(Dataset records)

Segment Open

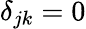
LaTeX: \delta_{jk}=0
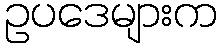
ဥပဒေများက
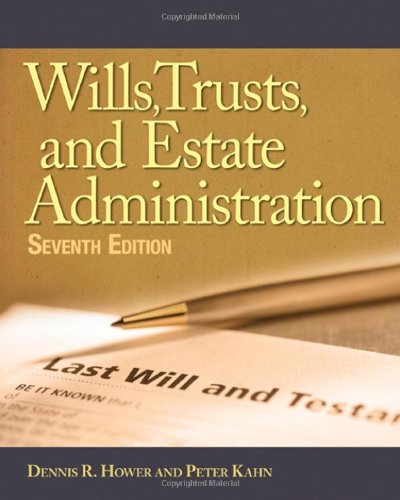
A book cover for Wills, Trusts, and Estates Administration; Dennis R. Hower; Law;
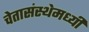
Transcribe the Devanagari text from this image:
चेतासंस्थेमध्यी
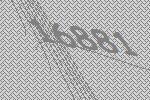
16881
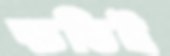
ক্ষতিই
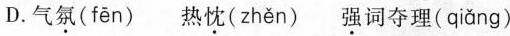
D.气\underset{·}{氛}(fēn) 热\underset{·}{忱}(zhěn) \underset{·}{强}词夺理(qiǎng)
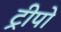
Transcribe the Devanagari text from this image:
ट्रीपो
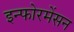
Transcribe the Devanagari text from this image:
इन्फोरमेंसन
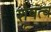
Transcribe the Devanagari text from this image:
शेषत्व
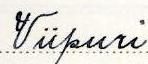
Viipuri
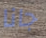
جانا
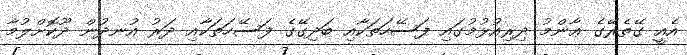
އެއީ ގޭތެރޭގެ ޢާންމު ދިރިއުޅުމުގައި ފަސޭހަތަކާއި ބަދިގޭގެ ފަސޭހަތަކާއި ދަރު އުނދުން ދޫކޮށްލުމާ
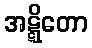
အဋ္ဋိတော
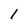
Character: 1
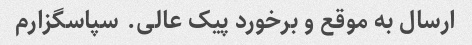
ارسال به موقع و برخورد پیک عالی. سپاسگزارم
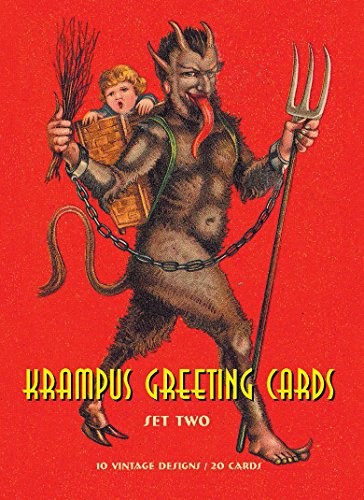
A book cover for Krampus Greeting Cards #2; Monte Beauchamp; Crafts, Hobbies & Home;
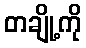
တချို့ကို
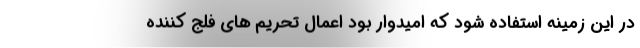
در این زمینه استفاده شود که امیدوار بود اعمال تحریم های فلج کننده
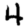
Digit: 4
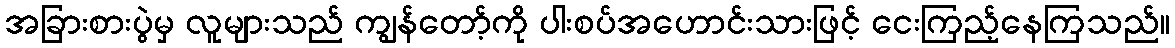
အခြားစားပွဲမှ လူများသည် ကျွန်တော့်ကို ပါးစပ်အဟောင်းသားဖြင့် ငေးကြည့်နေကြသည်။
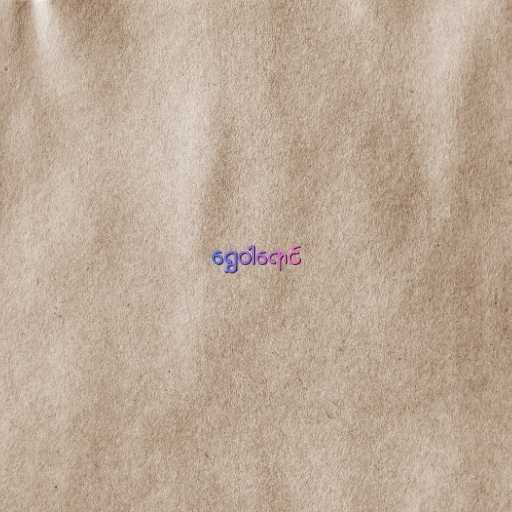
ရွှေဝါရောင်
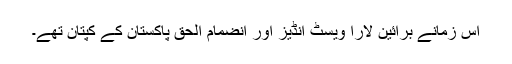
اُس زمانے برائین لارا ویسٹ انڈیز اور انضمام الحق پاکستان کے کپتان تھے۔
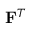
\mathbf { F } ^ { T }
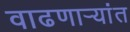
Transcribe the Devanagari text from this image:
वाढणार्‍यांत
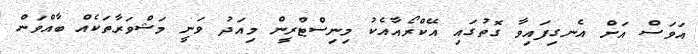
އަވަސް އަށް އެނގިފައިވާ ގޮތުގައި އޭކްރޯއާއެކު މިނިސްޓްރީން މިއަދު ވަނީ މަޝްވަރާތަކެއް ބާއްވަން
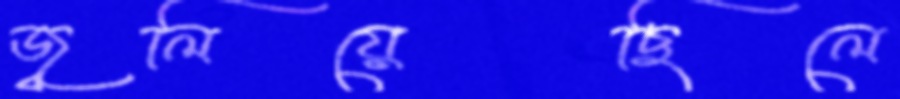
জ্বলিয়েছিলে
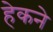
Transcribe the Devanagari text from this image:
हेकने
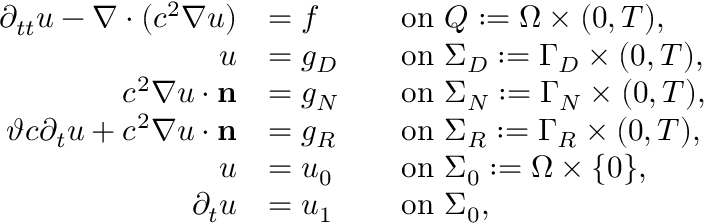
\begin{array} { r l r l } { \partial _ { t t } u - \nabla \cdot ( c ^ { 2 } \nabla u ) } & { = f } & & { \mathrm { o n ~ } Q : = \Omega \times ( 0 , T ) , } \\ { u } & { = g _ { D } } & & { \mathrm { o n ~ } \Sigma _ { D } : = \Gamma _ { D } \times ( 0 , T ) , } \\ { c ^ { 2 } \nabla u \cdot \mathbf { n } } & { = g _ { N } } & & { \mathrm { o n ~ } \Sigma _ { N } : = \Gamma _ { N } \times ( 0 , T ) , } \\ { { \vartheta c \partial _ { t } u + c ^ { 2 } \nabla u \cdot \mathbf { n } } } & { = g _ { R } } & & { \mathrm { o n ~ } \Sigma _ { R } : = \Gamma _ { R } \times ( 0 , T ) , } \\ { u } & { = u _ { 0 } } & & { \mathrm { o n ~ } \Sigma _ { 0 } : = \Omega \times \{ 0 \} , } \\ { \partial _ { t } u } & { = u _ { 1 } } & & { \mathrm { o n ~ } \Sigma _ { 0 } , } \end{array}
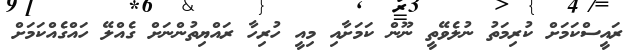
ރައީސްކަމަށް ކުރިމަތު ނުލެވޭތީ ނޫން ކަމަށާއި މިއީ ހުރިހާ ރައްޔިތުންނަށް ގެއްލޭ ހައްގެއްކަމަށް
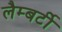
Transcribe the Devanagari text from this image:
लैम्बर्टी
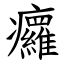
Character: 㿚
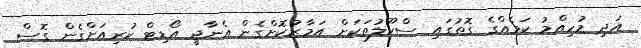
އަދި މުހިއްމު ކަމެއްގެ ގޮތުގައި ސްކޫލުތަކަށް އަމާޒުކޮށްގެން އެނާޖީ އޯޑިޓް ކުރިއަށްގެން ގޮސް
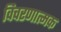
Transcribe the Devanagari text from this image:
विचरणात्मक
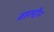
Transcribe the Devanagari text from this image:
बहरुद्दीन
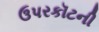
ઉપરકૉટની
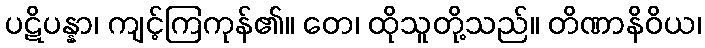
ပဋိပန္နာ၊ ကျင့်ကြကုန်၏။ တေ၊ ထိုသူတို့သည်။ တိဏာနိဝိယ၊
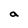
Character: a
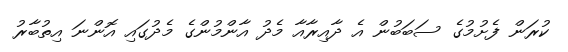
ކުރަން ފެށުމުގެ ސަބަބުން އެ ދާއިރާއާ މެދު އާންމުންގެ މެދުގައި އޮންނަ އިތުބާރު
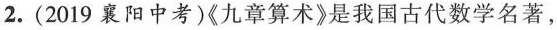
2.（2019襄阳中考）《九章算术》是我国古代数学名著，
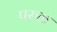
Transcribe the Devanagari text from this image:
परुळ
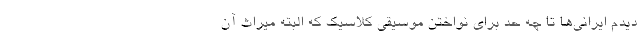
دیدم ایرانی‌ها تا چه حد برای نواختن موسیقی کلاسیک که البته میراث آن
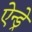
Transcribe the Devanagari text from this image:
ऐन्ड्रे
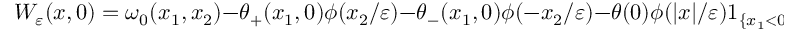
W _ { \varepsilon } ( x , 0 ) = \omega _ { 0 } ( x _ { 1 } , x _ { 2 } ) - \theta _ { + } ( x _ { 1 } , 0 ) \phi ( x _ { 2 } / \varepsilon ) - \theta _ { - } ( x _ { 1 } , 0 ) \phi ( - x _ { 2 } / \varepsilon ) - \theta ( 0 ) \phi ( | x | / \varepsilon ) 1 _ { \{ x _ { 1 } < 0 \} } ,
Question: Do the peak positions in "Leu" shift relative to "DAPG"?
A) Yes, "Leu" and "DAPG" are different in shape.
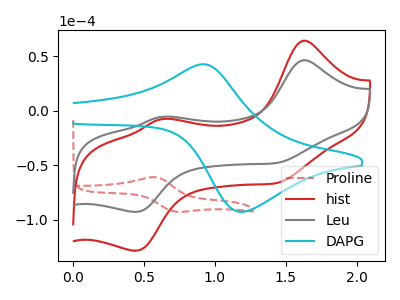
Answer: <think>The red dashed curve "Proline" has an anodic peak at (0.60V, -60.90uA) and a cathodic peak at (0.75V, -92.55uA). The red curve "hist" has anodic peaks at (1.60V, 64.45uA) (0.65V, -7.45uA) and cathodic peaks at (1.45V, -65.90uA) (0.45V, -128.40uA). The gray curve "Leu" has anodic peaks at (1.60V, 46.55uA) (0.65V, -5.35uA) and cathodic peaks at (1.45V, -47.60uA) (0.45V, -92.75uA). The cyan curve "DAPG" has an anodic peak at (0.90V, 42.75uA) and a cathodic peak at (1.20V, -92.65uA).
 "Leu" and "DAPG" have a different number of peaks.</think>
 <answer>A) Yes, "Leu" and "DAPG" are different in shape.</answer>
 <eval>A</eval>
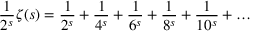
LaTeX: { \frac { 1 } { 2 ^ { s } } } \zeta ( s ) = { \frac { 1 } { 2 ^ { s } } } + { \frac { 1 } { 4 ^ { s } } } + { \frac { 1 } { 6 ^ { s } } } + { \frac { 1 } { 8 ^ { s } } } + { \frac { 1 } { 1 0 ^ { s } } } + \ldots
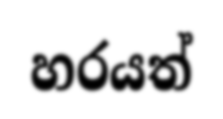
හරයත්
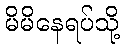
မိမိနေရပ်သို့
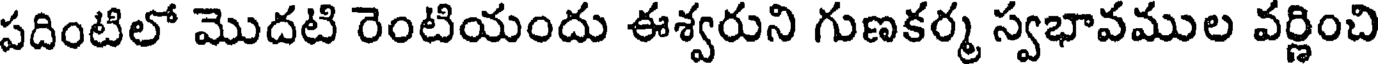
పదింటిలో మొదటి రెంటియందు ఈశ్వరుని గుణకర్మ స్వభావముల వర్ణించి
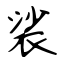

Segment Closed

EXERCISE REQUIREMENTS |
Copy all records exactly; omit images.

ANSWER SECTION |
LaTeX: \delta_{jk}=0
ဥပဒေများက
A book cover for Wills, Trusts, and Estates Administration; Dennis R. Hower; Law;
Transcribe the Devanagari text from this image:
चेतासंस्थेमध्यी
16881
ক্ষতিই
D.气\underset{·}{氛}(fēn) 热\underset{·}{忱}(zhěn) \underset{·}{强}词夺理(qiǎng)
Transcribe the Devanagari text from this image:
ट्रीपो
Transcribe the Devanagari text from this image:
इन्फोरमेंसन
Transcribe the Devanagari text from this image:
शेषत्व
Viipuri
جانا
އެއީ ގޭތެރޭގެ ޢާންމު ދިރިއުޅުމުގައި ފަސޭހަތަކާއި ބަދިގޭގެ ފަސޭހަތަކާއި ދަރު އުނދުން ދޫކޮށްލުމާ
အဋ္ဋိတော
Character: 1
ارسال به موقع و برخورد پیک عالی. سپاسگزارم
A book cover for Krampus Greeting Cards #2; Monte Beauchamp; Crafts, Hobbies & Home;
တချို့ကို
در این زمینه استفاده شود که امیدوار بود اعمال تحریم های فلج کننده
Digit: 4
အခြားစားပွဲမှ လူများသည် ကျွန်တော့်ကို ပါးစပ်အဟောင်းသားဖြင့် ငေးကြည့်နေကြသည်။
ရွှေဝါရောင်
اُس زمانے برائین لارا ویسٹ انڈیز اور انضمام الحق پاکستان کے کپتان تھے۔
\mathbf { F } ^ { T }
Transcribe the Devanagari text from this image:
वाढणार्‍यांत
އަވަސް އަށް އެނގިފައިވާ ގޮތުގައި އޭކްރޯއާއެކު މިނިސްޓްރީން މިއަދު ވަނީ މަޝްވަރާތަކެއް ބާއްވަން
জ্বলিয়েছিলে
Transcribe the Devanagari text from this image:
हेकने
\begin{array} { r l r l } { \partial _ { t t } u - \nabla \cdot ( c ^ { 2 } \nabla u ) } & { = f } & & { \mathrm { o n ~ } Q : = \Omega \times ( 0 , T ) , } \\ { u } & { = g _ { D } } & & { \mathrm { o n ~ } \Sigma _ { D } : = \Gamma _ { D } \times ( 0 , T ) , } \\ { c ^ { 2 } \nabla u \cdot \mathbf { n } } & { = g _ { N } } & & { \mathrm { o n ~ } \Sigma _ { N } : = \Gamma _ { N } \times ( 0 , T ) , } \\ { { \vartheta c \partial _ { t } u + c ^ { 2 } \nabla u \cdot \mathbf { n } } } & { = g _ { R } } & & { \mathrm { o n ~ } \Sigma _ { R } : = \Gamma _ { R } \times ( 0 , T ) , } \\ { u } & { = u _ { 0 } } & & { \mathrm { o n ~ } \Sigma _ { 0 } : = \Omega \times \{ 0 \} , } \\ { \partial _ { t } u } & { = u _ { 1 } } & & { \mathrm { o n ~ } \Sigma _ { 0 } , } \end{array}
ރައީސްކަމަށް ކުރިމަތު ނުލެވޭތީ ނޫން ކަމަށާއި މިއީ ހުރިހާ ރައްޔިތުންނަށް ގެއްލޭ ހައްގެއްކަމަށް
Transcribe the Devanagari text from this image:
लैम्बर्टी
Character: 㿚
އަދި މުހިއްމު ކަމެއްގެ ގޮތުގައި ސްކޫލުތަކަށް އަމާޒުކޮށްގެން އެނާޖީ އޯޑިޓް ކުރިއަށްގެން ގޮސް
Transcribe the Devanagari text from this image:
विचरणात्मक
Transcribe the Devanagari text from this image:
बहरुद्दीन
ઉપરકૉટની
ပဋိပန္နာ၊ ကျင့်ကြကုန်၏။ တေ၊ ထိုသူတို့သည်။ တိဏာနိဝိယ၊
Character: a
ކުރަން ފެށުމުގެ ސަބަބުން އެ ދާއިރާއާ މެދު އާންމުންގެ މެދުގައި އޮންނަ އިތުބާރު
2.（2019襄阳中考）《九章算术》是我国古代数学名著，
Transcribe the Devanagari text from this image:
परुळ
دیدم ایرانی‌ها تا چه حد برای نواختن موسیقی کلاسیک که البته میراث آن
Transcribe the Devanagari text from this image:
ऐन्ड्रे
W _ { \varepsilon } ( x , 0 ) = \omega _ { 0 } ( x _ { 1 } , x _ { 2 } ) - \theta _ { + } ( x _ { 1 } , 0 ) \phi ( x _ { 2 } / \varepsilon ) - \theta _ { - } ( x _ { 1 } , 0 ) \phi ( - x _ { 2 } / \varepsilon ) - \theta ( 0 ) \phi ( | x | / \varepsilon ) 1 _ { \{ x _ { 1 } < 0 \} } ,
Question: Do the peak positions in "Leu" shift relative to "DAPG"?
A) Yes, "Leu" and "DAPG" are different in shape.
Answer: <think>The red dashed curve "Proline" has an anodic peak at (0.60V, -60.90uA) and a cathodic peak at (0.75V, -92.55uA). The red curve "hist" has anodic peaks at (1.60V, 64.45uA) (0.65V, -7.45uA) and cathodic peaks at (1.45V, -65.90uA) (0.45V, -128.40uA). The gray curve "Leu" has anodic peaks at (1.60V, 46.55uA) (0.65V, -5.35uA) and cathodic peaks at (1.45V, -47.60uA) (0.45V, -92.75uA). The cyan curve "DAPG" has an anodic peak at (0.90V, 42.75uA) and a cathodic peak at (1.20V, -92.65uA).
 "Leu" and "DAPG" have a different number of peaks.</think>
 <answer>A) Yes, "Leu" and "DAPG" are different in shape.</answer>
 <eval>A</eval>
LaTeX: { \frac { 1 } { 2 ^ { s } } } \zeta ( s ) = { \frac { 1 } { 2 ^ { s } } } + { \frac { 1 } { 4 ^ { s } } } + { \frac { 1 } { 6 ^ { s } } } + { \frac { 1 } { 8 ^ { s } } } + { \frac { 1 } { 1 0 ^ { s } } } + \ldots
හරයත්
မိမိနေရပ်သို့
పదింటిలో మొదటి రెంటియందు ఈశ్వరుని గుణకర్మ స్వభావముల వర్ణించి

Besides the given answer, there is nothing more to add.